EXERCISE DESCRIPTION:
After finding the line with "que hacerse unos" in the entries below, retype exactly each line from there through the line with "pour le blocus et", including that final line.

INFORMATION SHOWN:
- - -

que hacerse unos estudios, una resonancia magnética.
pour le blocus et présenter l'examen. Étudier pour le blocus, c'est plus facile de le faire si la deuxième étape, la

- - -

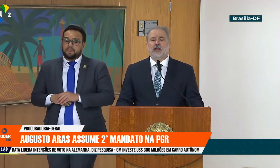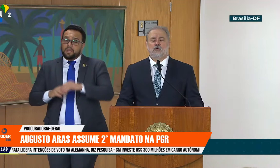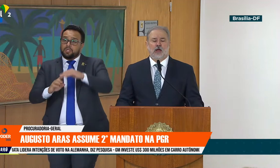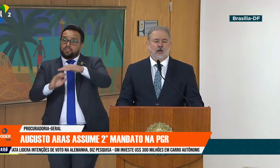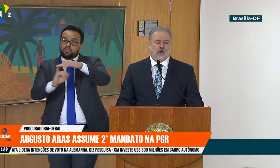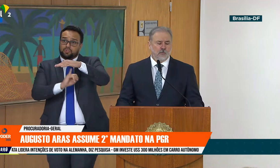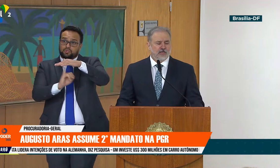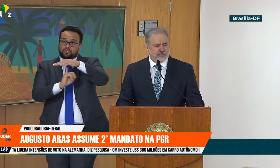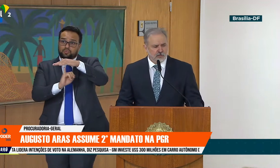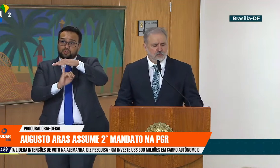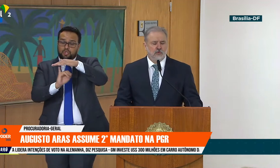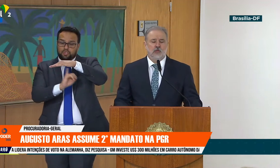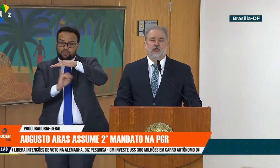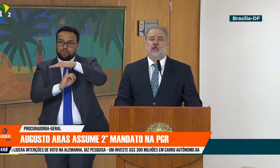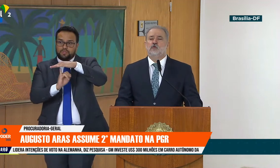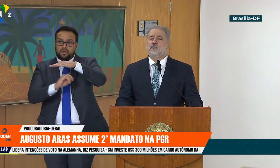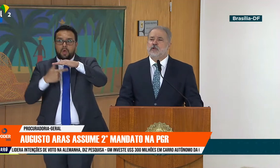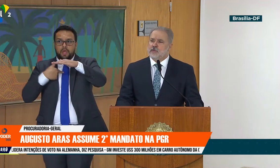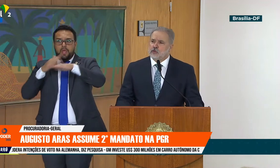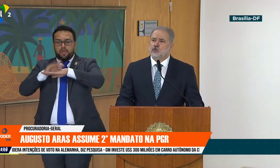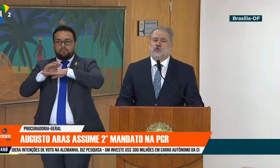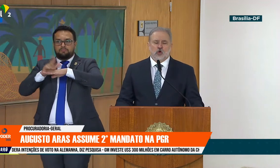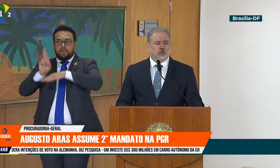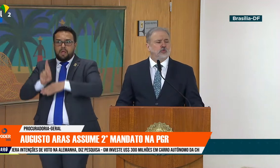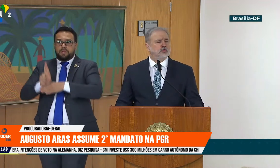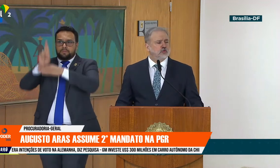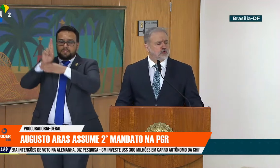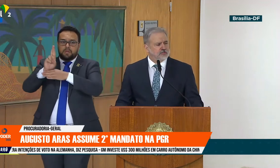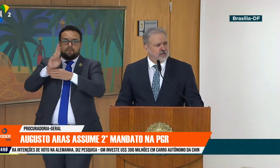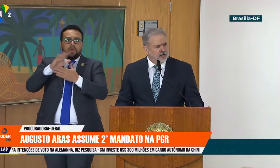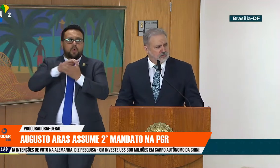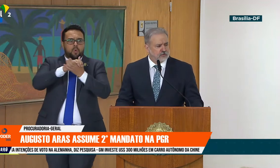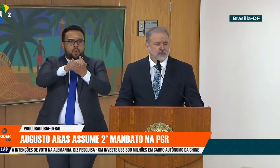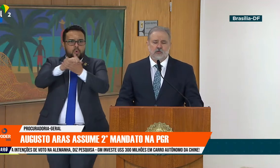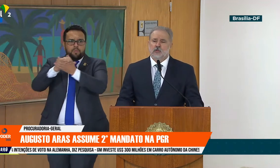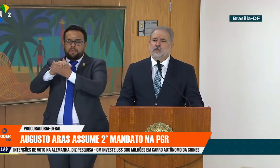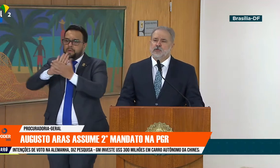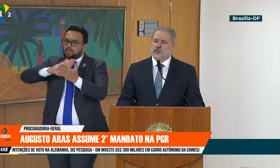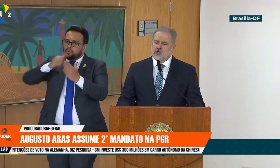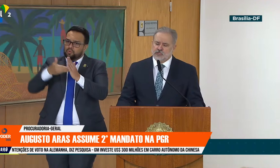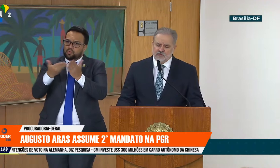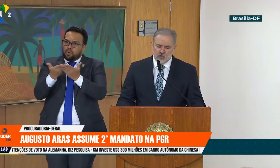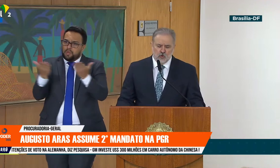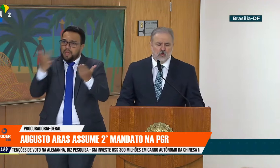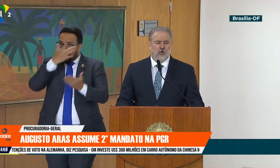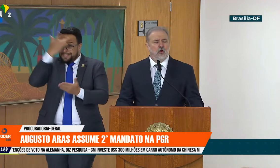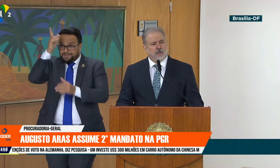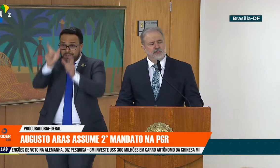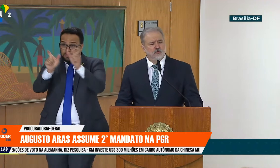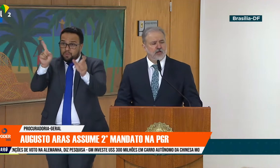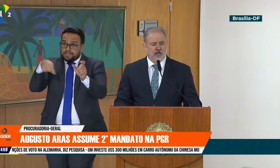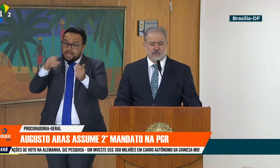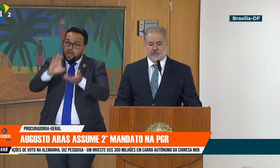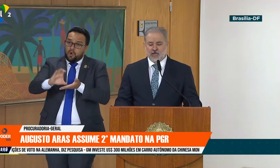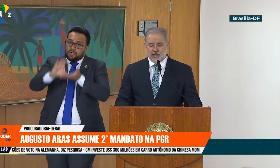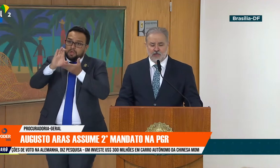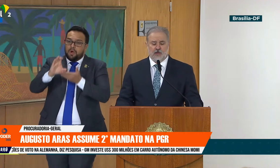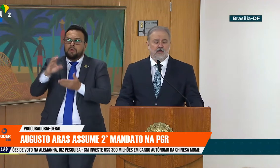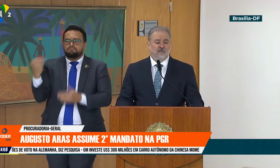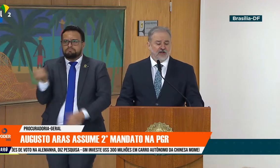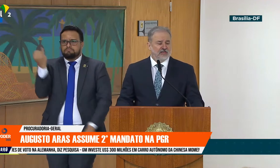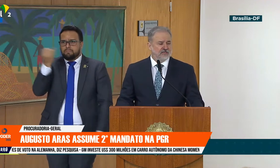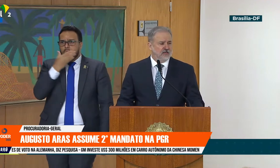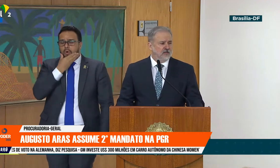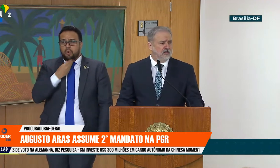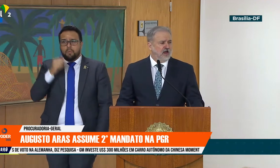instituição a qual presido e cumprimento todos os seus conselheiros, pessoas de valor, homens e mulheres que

- - -

ANSWER FOR THIS EXERCISE:
que hacerse unos estudios, una resonancia magnética.
pour le blocus et présenter l'examen. Étudier pour le blocus, c'est plus facile de le faire si la deuxième étape, la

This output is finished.